There are only a couple of things you can truly be sure of when you settle in your seat to watch Accomplice, the first play in the new White Rock Players’ season (opening Oct. 12, 8 p.m., at Coast Capital Playhouse, 1532 Johnston Rd.).
1. Playwright Rupert Holmes is the same Rupert Holmes who wrote and sang the 1979-80 pop hit Escape (The Pina Colada Song).
He was also responsible for the 1986 Tony award-winner The Mystery of Edwin Drood, which turned an unfinished Charles Dickens’ novel into a musical.
2. Accomplice is not a musical.
But everything else about this comedy-mystery-thriller is open to question, director David Lloyd Austin (The Passion of Dracula) admits.
A bit of a bomb when it first arrived on Broadway in 1990 – it clearly confused a staid, traditionalist audience – the show has become something of a cause celebre that has been gathering momentum ever since.
It’s a clever conundrum in a similar vein to Anthony Shaffer’s plays Sleuth and Whodunnit, a brain-teaser guaranteed to make all but the most alert scratch their heads at the surprising revelations in store.
Forget the old standby description: ‘nothing quite is what it seems.’ Accomplice leaves it in the dust.
“The marketing line they used in 1990 was ‘whatever you see and hear in the first act – don’t believe a word of it’,” Austin said.
He remembers his own reaction when he first read the play, sitting on a beach near his current part-time residence in Bucerias, north of Puerto Vallarta in Mexico.
“I came to a certain page in the script and said, out loud, ‘where the hell did that come from?’” he recalled with a chuckle.
Holmes’ elaborately constructed puzzle has so many twists and turns, Austin said, that – quite apart from his wish not to give anything away – it actually beggars description.

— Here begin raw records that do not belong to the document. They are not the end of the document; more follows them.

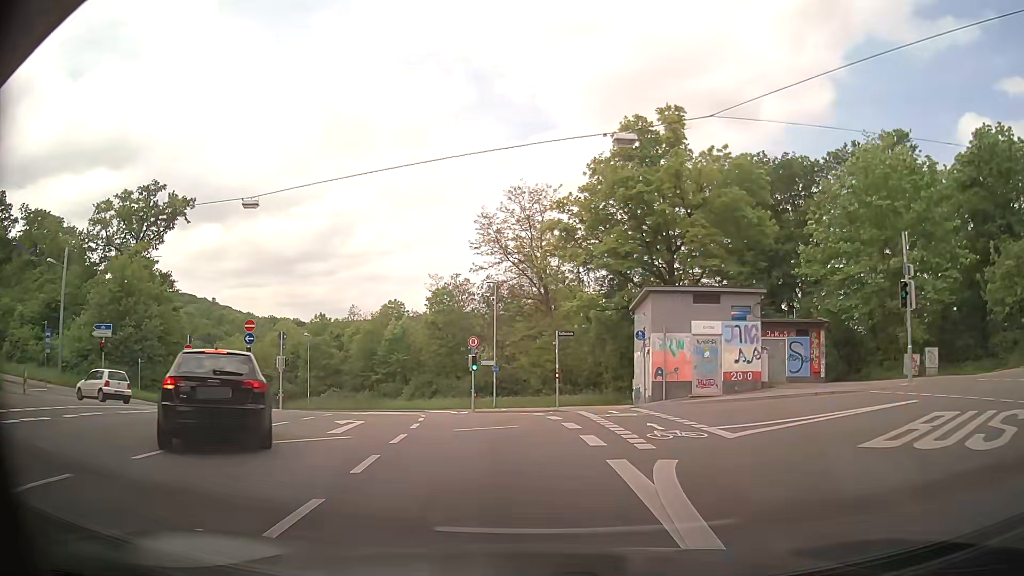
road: secondary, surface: asphalt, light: Day
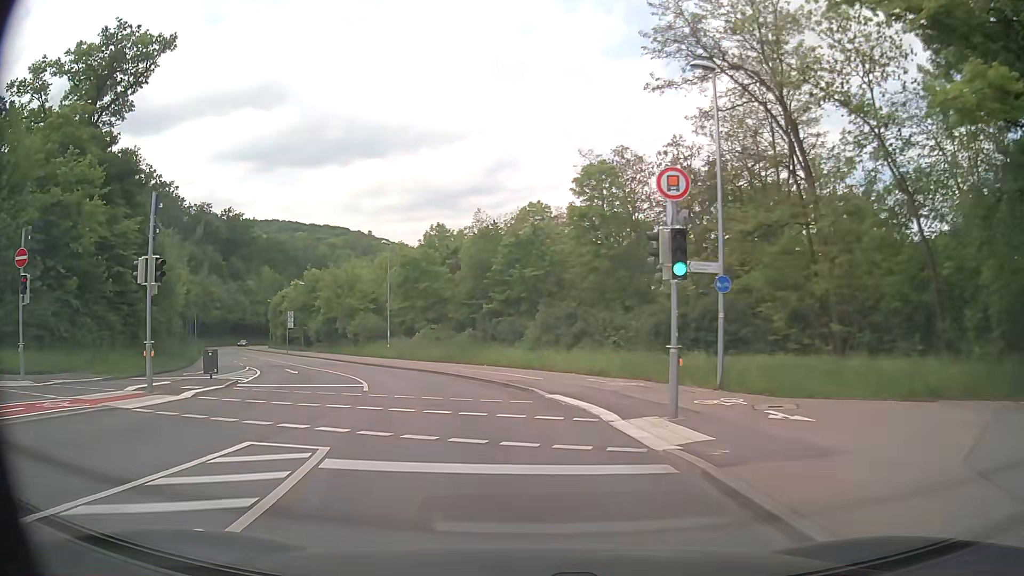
(-2.0, +27.3) m; -13°
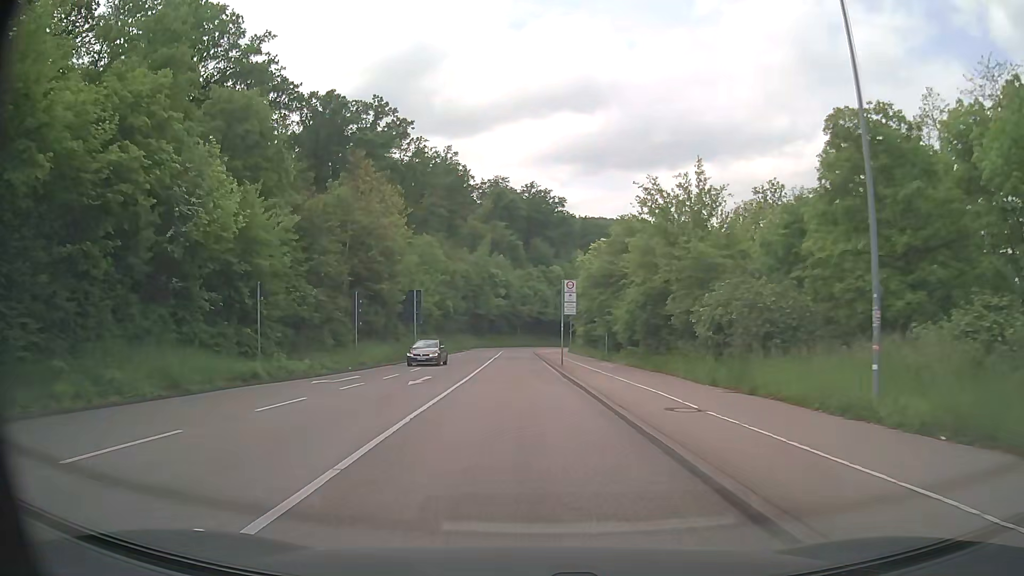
(-9.9, +35.0) m; -29°
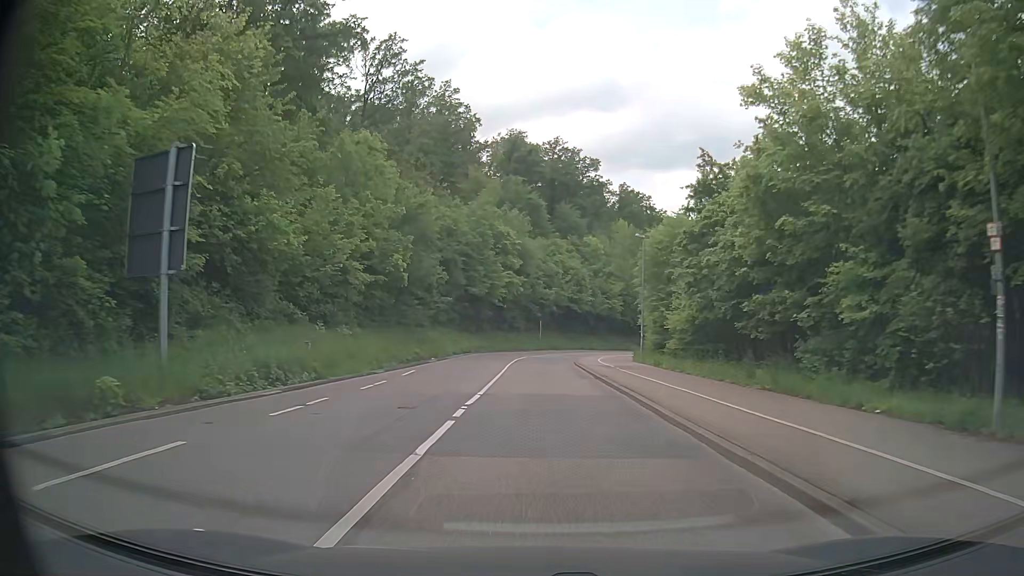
(-1.0, +37.9) m; -1°
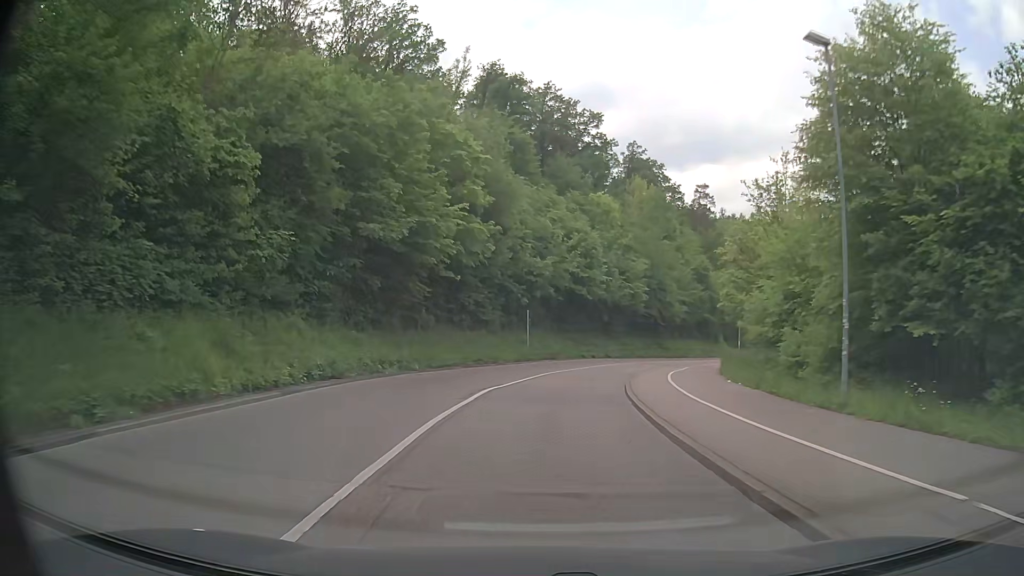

He agreed that, in its multiple layers, it’s not unlike one of those Russian wooden dolls that encloses many other versions of itself.
There’s no harm in stating that Accomplice opens as a traditional English mystery thriller of the kind beloved by fans of Agatha Christie. A renovated mill house on the moors provides the setting for a conversation between the residents, married couple Derek and Janet Taylor – a conversation that soon takes a sinister turn.
That’s only the beginning of the fun and deception, however.
One shouldn’t lose sight of the fact that Accomplice is also very much a satire, Austin said.
“It’s quite hilarious, actually. But it’s got to be done straight. The actors have to realize that they’re not funny – it’s the lines that are funny. We’ll keep our fingers crossed – it’s the toughest kind of theatre to do.”
There’s no doubt, however, that he has enlisted some strong talents for the challenge.
The first-seen couple are played by well-known players Ben Odberg and Lori Tych, both recent Community Theatre Coalition award nominees for their leading roles in last season’s Earth and Sky.
Joining them on stage are equally familiar face Brent Cross, along with relative newcomer Sunny Stump.
“Ben is coming up with some fantastic ideas and Lori is so believable,” Austin said.
“Even when she’s backstage or asking for a line, she does it in character – she’s known for that. Brent is growing and learning all the time, and while Sunny hasn’t done as much she plays a perfect character role in this.”
What changes Austin has made in the current version of Accomplice are aimed principally at clarity, he noted.
“I said to the White Rock Players ‘I’ll do it, but I have to simplify it’,” he said.
“Holmes himself says he realizes that not many theatre groups are able to do this, technically. We have to make sure there is clarity in the scene breaks, to give that extra second or two to let people absorb what’s just happened.”
But there is one hint for those who love to solve a puzzle – be sure to give careful scrutiny to the program you’re handed as you go into the theatre.
“It’s unique – even the program plays an important part in the plot,” Austin said.